- _RECORDS FOR THE EXERCISE_:
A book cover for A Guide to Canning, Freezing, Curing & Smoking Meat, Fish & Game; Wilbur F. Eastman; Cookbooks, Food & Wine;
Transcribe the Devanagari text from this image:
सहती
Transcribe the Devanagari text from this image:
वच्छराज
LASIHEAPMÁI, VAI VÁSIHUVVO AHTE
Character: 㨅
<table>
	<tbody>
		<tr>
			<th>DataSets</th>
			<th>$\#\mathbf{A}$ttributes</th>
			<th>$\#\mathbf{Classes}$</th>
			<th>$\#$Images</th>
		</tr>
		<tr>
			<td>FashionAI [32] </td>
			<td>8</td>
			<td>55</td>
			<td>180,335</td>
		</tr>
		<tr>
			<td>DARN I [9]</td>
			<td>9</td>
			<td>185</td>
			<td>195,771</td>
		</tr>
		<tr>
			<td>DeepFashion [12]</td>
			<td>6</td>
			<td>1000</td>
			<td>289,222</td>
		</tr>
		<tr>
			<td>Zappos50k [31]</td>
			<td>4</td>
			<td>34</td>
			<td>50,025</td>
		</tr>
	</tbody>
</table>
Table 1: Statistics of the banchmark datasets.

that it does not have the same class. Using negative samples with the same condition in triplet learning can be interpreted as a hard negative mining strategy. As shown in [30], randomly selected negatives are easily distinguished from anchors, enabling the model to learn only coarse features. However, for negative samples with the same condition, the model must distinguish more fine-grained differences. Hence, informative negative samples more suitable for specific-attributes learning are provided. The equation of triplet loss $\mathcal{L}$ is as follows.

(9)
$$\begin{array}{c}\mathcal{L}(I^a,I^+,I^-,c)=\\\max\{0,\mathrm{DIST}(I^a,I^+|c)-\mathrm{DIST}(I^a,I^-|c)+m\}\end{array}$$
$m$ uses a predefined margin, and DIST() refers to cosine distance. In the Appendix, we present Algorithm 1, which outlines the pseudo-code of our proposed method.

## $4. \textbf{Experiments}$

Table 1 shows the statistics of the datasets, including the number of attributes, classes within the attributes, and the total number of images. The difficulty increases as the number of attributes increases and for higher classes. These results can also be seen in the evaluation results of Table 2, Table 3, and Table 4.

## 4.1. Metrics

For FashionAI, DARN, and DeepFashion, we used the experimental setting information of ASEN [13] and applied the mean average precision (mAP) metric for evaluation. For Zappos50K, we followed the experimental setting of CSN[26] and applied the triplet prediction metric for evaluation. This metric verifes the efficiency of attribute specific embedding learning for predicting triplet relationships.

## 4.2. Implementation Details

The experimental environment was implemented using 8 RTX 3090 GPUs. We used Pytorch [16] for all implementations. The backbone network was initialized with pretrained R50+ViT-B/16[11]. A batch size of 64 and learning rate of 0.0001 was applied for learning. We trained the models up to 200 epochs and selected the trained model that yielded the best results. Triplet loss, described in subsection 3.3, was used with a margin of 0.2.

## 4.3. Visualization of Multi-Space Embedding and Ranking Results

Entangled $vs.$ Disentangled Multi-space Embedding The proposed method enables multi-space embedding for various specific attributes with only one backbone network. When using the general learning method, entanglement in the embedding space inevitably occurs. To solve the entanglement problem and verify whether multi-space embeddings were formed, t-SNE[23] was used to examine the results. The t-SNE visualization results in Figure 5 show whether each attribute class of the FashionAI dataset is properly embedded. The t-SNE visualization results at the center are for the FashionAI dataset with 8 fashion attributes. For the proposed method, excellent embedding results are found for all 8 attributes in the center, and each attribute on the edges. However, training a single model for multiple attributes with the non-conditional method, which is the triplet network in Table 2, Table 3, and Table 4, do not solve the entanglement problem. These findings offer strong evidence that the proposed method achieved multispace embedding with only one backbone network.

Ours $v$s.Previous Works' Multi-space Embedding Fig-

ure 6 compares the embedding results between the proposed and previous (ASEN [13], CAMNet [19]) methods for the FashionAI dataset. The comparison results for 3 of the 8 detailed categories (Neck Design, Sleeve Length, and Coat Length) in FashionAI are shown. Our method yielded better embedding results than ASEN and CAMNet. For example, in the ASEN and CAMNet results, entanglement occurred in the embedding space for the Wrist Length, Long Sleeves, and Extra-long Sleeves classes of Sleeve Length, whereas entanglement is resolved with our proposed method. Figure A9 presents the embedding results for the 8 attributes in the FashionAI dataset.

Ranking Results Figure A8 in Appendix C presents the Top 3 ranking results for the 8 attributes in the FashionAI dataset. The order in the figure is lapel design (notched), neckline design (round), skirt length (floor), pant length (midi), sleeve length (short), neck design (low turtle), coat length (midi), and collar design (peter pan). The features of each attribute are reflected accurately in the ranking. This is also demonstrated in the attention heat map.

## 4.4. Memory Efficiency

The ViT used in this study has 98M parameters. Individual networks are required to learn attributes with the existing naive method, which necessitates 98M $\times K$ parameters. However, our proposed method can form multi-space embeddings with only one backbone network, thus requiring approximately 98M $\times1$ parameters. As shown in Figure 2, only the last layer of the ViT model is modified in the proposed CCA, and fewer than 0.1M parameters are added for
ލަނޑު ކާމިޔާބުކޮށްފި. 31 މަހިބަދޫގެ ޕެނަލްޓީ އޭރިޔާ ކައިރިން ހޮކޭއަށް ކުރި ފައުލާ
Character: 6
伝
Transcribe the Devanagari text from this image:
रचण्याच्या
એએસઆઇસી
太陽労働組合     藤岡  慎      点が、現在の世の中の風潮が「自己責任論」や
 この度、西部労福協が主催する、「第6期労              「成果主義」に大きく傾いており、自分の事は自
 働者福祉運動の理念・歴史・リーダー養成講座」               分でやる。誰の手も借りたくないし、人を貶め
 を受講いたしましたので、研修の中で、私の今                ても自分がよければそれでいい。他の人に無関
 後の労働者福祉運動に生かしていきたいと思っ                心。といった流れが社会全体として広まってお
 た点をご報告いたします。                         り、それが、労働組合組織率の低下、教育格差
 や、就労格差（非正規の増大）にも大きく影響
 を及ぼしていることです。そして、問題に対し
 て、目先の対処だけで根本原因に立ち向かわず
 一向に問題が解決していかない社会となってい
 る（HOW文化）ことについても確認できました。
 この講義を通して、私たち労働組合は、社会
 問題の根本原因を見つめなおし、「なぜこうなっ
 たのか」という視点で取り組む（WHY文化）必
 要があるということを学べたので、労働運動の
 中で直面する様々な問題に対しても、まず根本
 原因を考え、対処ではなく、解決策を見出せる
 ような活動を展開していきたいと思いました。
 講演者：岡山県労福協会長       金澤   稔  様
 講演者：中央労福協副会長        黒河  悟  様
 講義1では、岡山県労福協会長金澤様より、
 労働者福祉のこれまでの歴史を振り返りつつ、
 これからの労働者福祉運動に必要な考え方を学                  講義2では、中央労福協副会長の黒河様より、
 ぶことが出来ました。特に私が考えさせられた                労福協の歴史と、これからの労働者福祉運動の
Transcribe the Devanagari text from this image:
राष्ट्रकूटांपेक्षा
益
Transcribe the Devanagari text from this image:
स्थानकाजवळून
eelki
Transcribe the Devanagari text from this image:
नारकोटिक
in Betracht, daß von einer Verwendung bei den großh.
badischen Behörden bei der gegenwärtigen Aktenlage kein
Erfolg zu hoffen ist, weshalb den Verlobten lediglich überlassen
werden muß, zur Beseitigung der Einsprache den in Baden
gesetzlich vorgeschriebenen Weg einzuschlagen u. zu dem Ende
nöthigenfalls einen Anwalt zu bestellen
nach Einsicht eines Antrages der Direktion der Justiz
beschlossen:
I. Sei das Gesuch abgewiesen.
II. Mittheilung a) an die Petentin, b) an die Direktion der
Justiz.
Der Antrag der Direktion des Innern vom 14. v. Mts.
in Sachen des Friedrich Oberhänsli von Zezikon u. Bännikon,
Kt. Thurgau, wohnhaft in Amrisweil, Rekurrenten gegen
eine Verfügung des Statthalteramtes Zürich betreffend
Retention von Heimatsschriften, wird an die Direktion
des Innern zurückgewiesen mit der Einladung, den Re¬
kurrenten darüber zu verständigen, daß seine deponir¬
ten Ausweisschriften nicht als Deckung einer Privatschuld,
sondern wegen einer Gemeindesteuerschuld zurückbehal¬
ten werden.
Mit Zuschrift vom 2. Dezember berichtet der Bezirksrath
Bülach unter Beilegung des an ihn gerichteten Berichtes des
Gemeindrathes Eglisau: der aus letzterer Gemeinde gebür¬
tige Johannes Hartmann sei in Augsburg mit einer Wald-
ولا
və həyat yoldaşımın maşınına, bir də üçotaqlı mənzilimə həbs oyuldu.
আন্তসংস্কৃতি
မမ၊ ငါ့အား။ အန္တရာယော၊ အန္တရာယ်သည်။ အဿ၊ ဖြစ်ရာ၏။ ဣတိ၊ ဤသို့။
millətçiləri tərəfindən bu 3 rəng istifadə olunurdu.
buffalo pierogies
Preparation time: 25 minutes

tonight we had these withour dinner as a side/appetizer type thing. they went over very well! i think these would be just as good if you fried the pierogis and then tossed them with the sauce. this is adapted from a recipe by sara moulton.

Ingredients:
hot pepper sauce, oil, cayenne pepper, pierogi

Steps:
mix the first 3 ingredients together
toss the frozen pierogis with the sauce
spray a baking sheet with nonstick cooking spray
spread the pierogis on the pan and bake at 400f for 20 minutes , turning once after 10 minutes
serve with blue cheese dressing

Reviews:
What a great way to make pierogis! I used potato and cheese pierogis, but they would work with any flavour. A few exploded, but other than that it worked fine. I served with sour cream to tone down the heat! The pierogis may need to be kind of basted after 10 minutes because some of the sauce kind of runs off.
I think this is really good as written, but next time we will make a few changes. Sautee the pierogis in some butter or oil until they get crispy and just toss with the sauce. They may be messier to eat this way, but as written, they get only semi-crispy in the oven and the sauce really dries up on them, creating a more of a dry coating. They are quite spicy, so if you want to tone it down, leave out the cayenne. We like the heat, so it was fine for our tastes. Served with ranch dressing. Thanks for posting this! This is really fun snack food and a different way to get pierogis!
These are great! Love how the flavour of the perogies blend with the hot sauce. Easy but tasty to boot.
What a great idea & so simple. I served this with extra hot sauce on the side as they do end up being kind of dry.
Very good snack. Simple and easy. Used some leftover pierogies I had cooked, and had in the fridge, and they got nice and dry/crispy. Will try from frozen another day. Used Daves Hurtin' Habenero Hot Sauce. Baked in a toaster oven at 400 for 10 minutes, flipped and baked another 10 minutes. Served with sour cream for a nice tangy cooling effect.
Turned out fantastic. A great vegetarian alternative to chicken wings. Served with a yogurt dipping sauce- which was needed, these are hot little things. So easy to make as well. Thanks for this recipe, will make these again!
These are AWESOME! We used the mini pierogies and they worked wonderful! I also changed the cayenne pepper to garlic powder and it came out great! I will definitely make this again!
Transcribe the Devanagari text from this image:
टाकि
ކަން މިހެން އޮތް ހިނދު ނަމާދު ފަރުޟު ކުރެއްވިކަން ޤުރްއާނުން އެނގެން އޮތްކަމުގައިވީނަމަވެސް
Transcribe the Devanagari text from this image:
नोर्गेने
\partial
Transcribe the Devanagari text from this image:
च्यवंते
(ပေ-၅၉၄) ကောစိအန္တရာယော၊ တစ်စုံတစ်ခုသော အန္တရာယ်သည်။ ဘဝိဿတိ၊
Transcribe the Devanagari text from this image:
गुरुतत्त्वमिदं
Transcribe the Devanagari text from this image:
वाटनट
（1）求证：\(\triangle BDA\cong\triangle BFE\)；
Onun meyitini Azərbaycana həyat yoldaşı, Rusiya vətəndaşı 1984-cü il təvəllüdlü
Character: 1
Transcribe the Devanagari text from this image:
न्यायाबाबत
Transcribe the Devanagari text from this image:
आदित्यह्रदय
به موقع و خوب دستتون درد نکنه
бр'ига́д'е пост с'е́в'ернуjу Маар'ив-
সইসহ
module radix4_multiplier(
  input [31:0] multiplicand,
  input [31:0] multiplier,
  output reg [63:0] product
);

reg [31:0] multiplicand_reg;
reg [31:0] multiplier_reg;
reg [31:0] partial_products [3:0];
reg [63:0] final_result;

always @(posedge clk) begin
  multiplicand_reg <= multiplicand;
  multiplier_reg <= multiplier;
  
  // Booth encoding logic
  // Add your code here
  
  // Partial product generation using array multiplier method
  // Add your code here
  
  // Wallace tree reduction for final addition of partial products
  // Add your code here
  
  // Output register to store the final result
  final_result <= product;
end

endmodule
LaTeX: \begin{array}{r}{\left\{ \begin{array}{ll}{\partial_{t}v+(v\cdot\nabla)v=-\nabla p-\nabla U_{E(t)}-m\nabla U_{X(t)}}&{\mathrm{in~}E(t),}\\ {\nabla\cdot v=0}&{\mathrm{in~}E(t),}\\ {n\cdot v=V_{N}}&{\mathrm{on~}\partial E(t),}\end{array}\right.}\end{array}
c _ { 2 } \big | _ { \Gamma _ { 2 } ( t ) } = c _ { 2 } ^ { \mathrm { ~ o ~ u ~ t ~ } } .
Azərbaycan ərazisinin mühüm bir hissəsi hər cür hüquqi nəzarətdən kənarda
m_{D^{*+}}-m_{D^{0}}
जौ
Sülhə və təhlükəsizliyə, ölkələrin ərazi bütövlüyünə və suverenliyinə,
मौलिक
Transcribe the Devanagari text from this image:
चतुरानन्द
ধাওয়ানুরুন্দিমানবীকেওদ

- _REQUIRED ACTION_:
Where a line in the data contains the string "Ranking", add it to your count, and give only the final number.

- _TASK RESPONSE_:
2